(Extracted records):
● ● ● ●

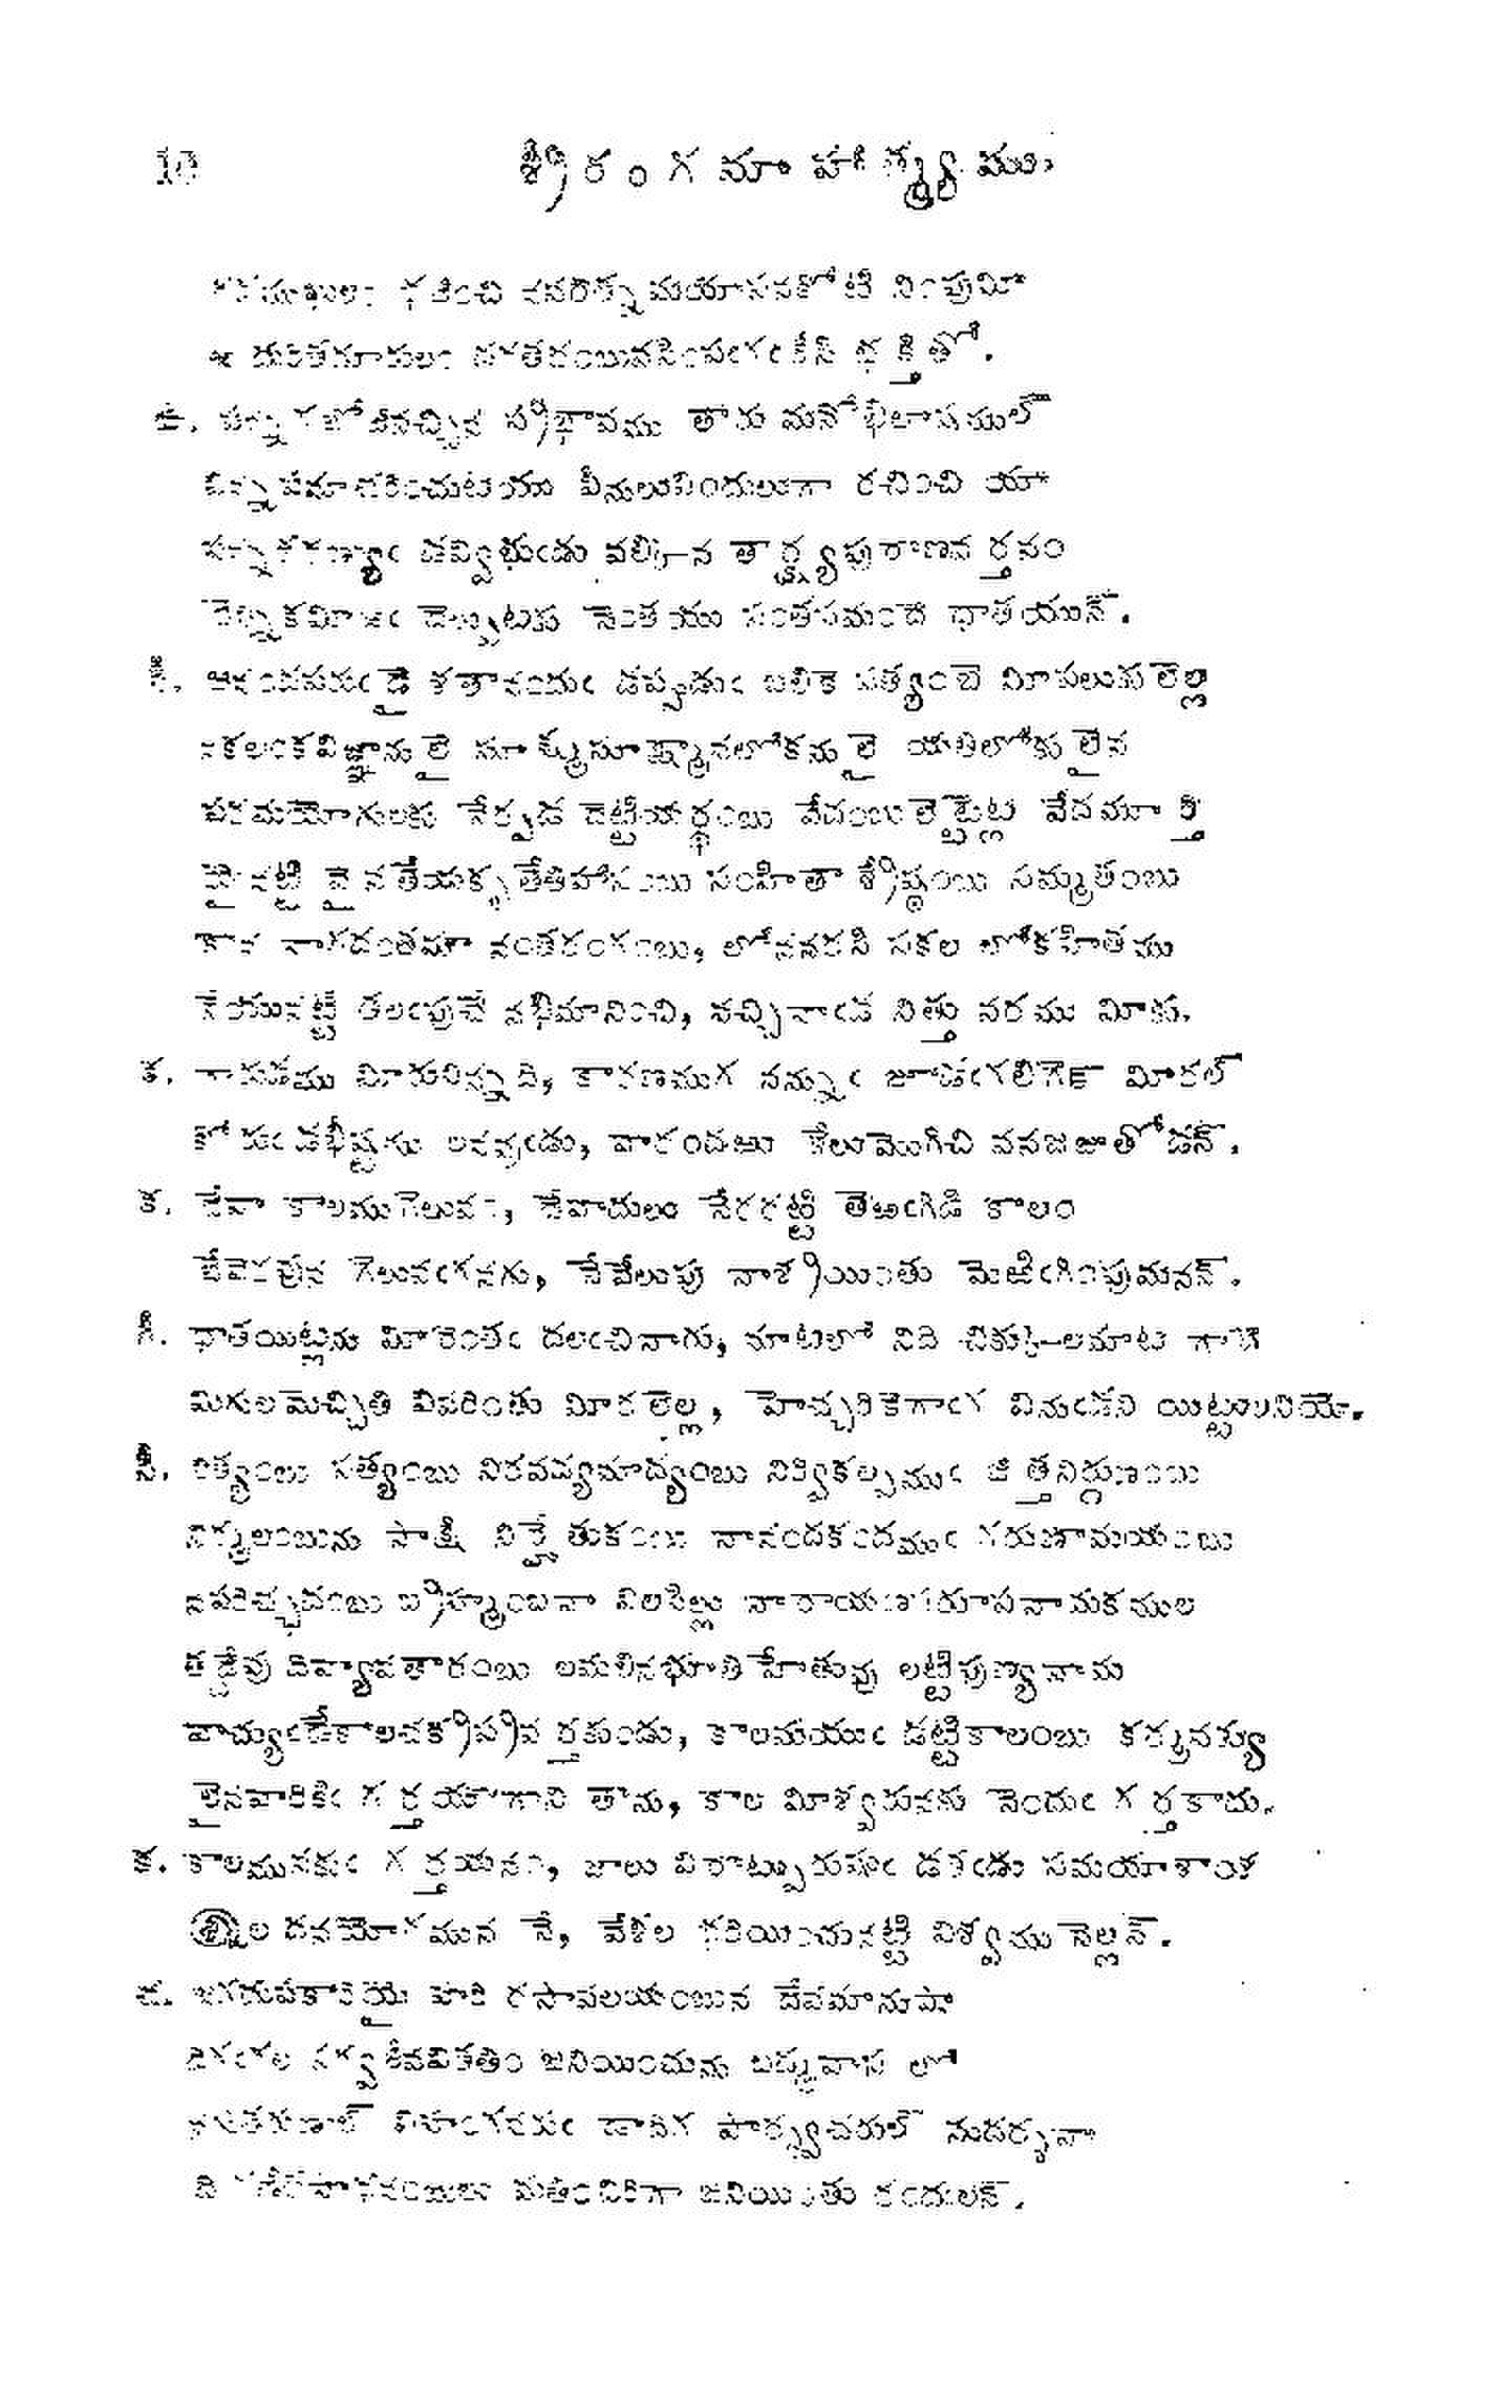రదముఖులం భజించి నవరత్నమయాసనకోటి నింపుమీ
 రిఁ దురితదూరులం దరతరంబు వసింపఁగఁజేసి భక్తితో.
ఉ. పన్నగబోటి వచ్చిన ప్రభావము తారు మనోభిలాషముల్
 విన్నపమాచరించుటయు వీనులువిందులుగా రచించి యా
 పన్నశరణ్యుఁ డవ్విభుఁడు వల్కిన తార్క్ష్యపురాణవర్తనం
 బెన్నికమీఱఁ దెల్పుటకు నెంతయు సంతసమందె ధాతయున్.
సీ. ఆనందపరుఁడై శతానందుఁ డప్పుడుఁ బలికె సత్యంబె మీపలుకులెల్ల
 నకలంకవిజ్ఞానులై సూక్ష్మసూక్ష్మావలోకనులై యతిలోకులైన
 పరమమయోగులకు నేర్పడ దెట్టియర్థంబు వేదంబు లెట్టెట్ల వేదమూర్తి.
 యైనట్టి వైనతేయకృతేతిహాసంబు సంహితాశ్రేష్ఠంబు సమ్మతంబు
 కాన నాగదంతమౌ నంతరంగంబు, లోననరసి సకలలోకహితము
 సేయునట్టి తలఁపుచే నభిమానించి, వచ్చినాఁడ నిత్తు వరము మీకు.
క. గారుడము మీరువిన్నది, కారణముగ నన్నుఁ జూడఁగలిగెన్ మీరల్
 కోరుఁ డభీష్టము లనవుఁడు, వారందఱు కేలు మొగిచి వనజజుతోడన్.
క. దేవా కాలము గెలువఁగ, దేవాదులు నేరరట్టి తెఱఁగిడి కాలం
 బేవెరవున గెలువఁగనగు, నేవేలుపు నాశ్రయింతు మెఱిఁగింపుమనన్.
గీ. ధాత యిట్లను మీరెంత దలఁచినారు, మాటలో నిది చిక్కులమాట గాదె
 మిగుల మెచ్చితి వివరింతు మీరలెల్ల , హెచ్చరికెగాఁగ వినుమని యిట్టులనియె.
సీ. నిత్యంబు సత్యంబు నిరవద్యమాద్యంబు నిర్వికల్పముఁ జిత్తనిర్గుణంబు
 నిర్మలంబును సాక్షి నిర్హేతుకంబు నానందకందముఁ గరుణామయంబు
 నపరిచ్ఛదంబు బహ్మంబనా విలసిల్లు నారాయణసరూపనామకముల
 తద్దేవు దివ్యావతారంబు లమలినభూతిహేతువు లట్టిపుణ్యనామ
 వాచ్యుఁడే కాలచక్రప్రవర్తకుండు, కాలమయుఁ డట్టికాలంబు కర్మవశ్యు
 లైనవారికిఁ గర్తయౌగాని తాను, కాల మీశ్వరునకు నెందుఁ గర్తకాదు.
క. కాలమునకుఁ గర్తయనని, జాలు విరాట్పురుషుఁ డఁతడు సమయాశాంక
 శ్రీల దనయోగమున నే, వేళల ధరియించునట్టి విశ్వము నెల్లన్.
చ. జగదుపకారియై హరి రసావలయంబున దేవమానుషా
 దిగఁగల సర్వజీవవితతిం జనియించును బద్మవాస లో
 నగుతరుణుల్ విహంగవరుఁ డాదిగ పార్శ్వచరుల్ సుదర్శనా
 దిగణితసాధనంబులు మతించిరిగా జనియింతు రందులన్.

● ● ● ●

Could all the data above be given again exactly, leaving out its images?

(Exercise output):
రదముఖులం భజించి నవరత్నమయాసనకోటి నింపుమీ
 రిఁ దురితదూరులం దరతరంబు వసింపఁగఁజేసి భక్తితో.
ఉ. పన్నగబోటి వచ్చిన ప్రభావము తారు మనోభిలాషముల్
 విన్నపమాచరించుటయు వీనులువిందులుగా రచించి యా
 పన్నశరణ్యుఁ డవ్విభుఁడు వల్కిన తార్క్ష్యపురాణవర్తనం
 బెన్నికమీఱఁ దెల్పుటకు నెంతయు సంతసమందె ధాతయున్.
సీ. ఆనందపరుఁడై శతానందుఁ డప్పుడుఁ బలికె సత్యంబె మీపలుకులెల్ల
 నకలంకవిజ్ఞానులై సూక్ష్మసూక్ష్మావలోకనులై యతిలోకులైన
 పరమమయోగులకు నేర్పడ దెట్టియర్థంబు వేదంబు లెట్టెట్ల వేదమూర్తి.
 యైనట్టి వైనతేయకృతేతిహాసంబు సంహితాశ్రేష్ఠంబు సమ్మతంబు
 కాన నాగదంతమౌ నంతరంగంబు, లోననరసి సకలలోకహితము
 సేయునట్టి తలఁపుచే నభిమానించి, వచ్చినాఁడ నిత్తు వరము మీకు.
క. గారుడము మీరువిన్నది, కారణముగ నన్నుఁ జూడఁగలిగెన్ మీరల్
 కోరుఁ డభీష్టము లనవుఁడు, వారందఱు కేలు మొగిచి వనజజుతోడన్.
క. దేవా కాలము గెలువఁగ, దేవాదులు నేరరట్టి తెఱఁగిడి కాలం
 బేవెరవున గెలువఁగనగు, నేవేలుపు నాశ్రయింతు మెఱిఁగింపుమనన్.
గీ. ధాత యిట్లను మీరెంత దలఁచినారు, మాటలో నిది చిక్కులమాట గాదె
 మిగుల మెచ్చితి వివరింతు మీరలెల్ల , హెచ్చరికెగాఁగ వినుమని యిట్టులనియె.
సీ. నిత్యంబు సత్యంబు నిరవద్యమాద్యంబు నిర్వికల్పముఁ జిత్తనిర్గుణంబు
 నిర్మలంబును సాక్షి నిర్హేతుకంబు నానందకందముఁ గరుణామయంబు
 నపరిచ్ఛదంబు బహ్మంబనా విలసిల్లు నారాయణసరూపనామకముల
 తద్దేవు దివ్యావతారంబు లమలినభూతిహేతువు లట్టిపుణ్యనామ
 వాచ్యుఁడే కాలచక్రప్రవర్తకుండు, కాలమయుఁ డట్టికాలంబు కర్మవశ్యు
 లైనవారికిఁ గర్తయౌగాని తాను, కాల మీశ్వరునకు నెందుఁ గర్తకాదు.
క. కాలమునకుఁ గర్తయనని, జాలు విరాట్పురుషుఁ డఁతడు సమయాశాంక
 శ్రీల దనయోగమున నే, వేళల ధరియించునట్టి విశ్వము నెల్లన్.
చ. జగదుపకారియై హరి రసావలయంబున దేవమానుషా
 దిగఁగల సర్వజీవవితతిం జనియించును బద్మవాస లో
 నగుతరుణుల్ విహంగవరుఁ డాదిగ పార్శ్వచరుల్ సుదర్శనా
 దిగణితసాధనంబులు మతించిరిగా జనియింతు రందులన్.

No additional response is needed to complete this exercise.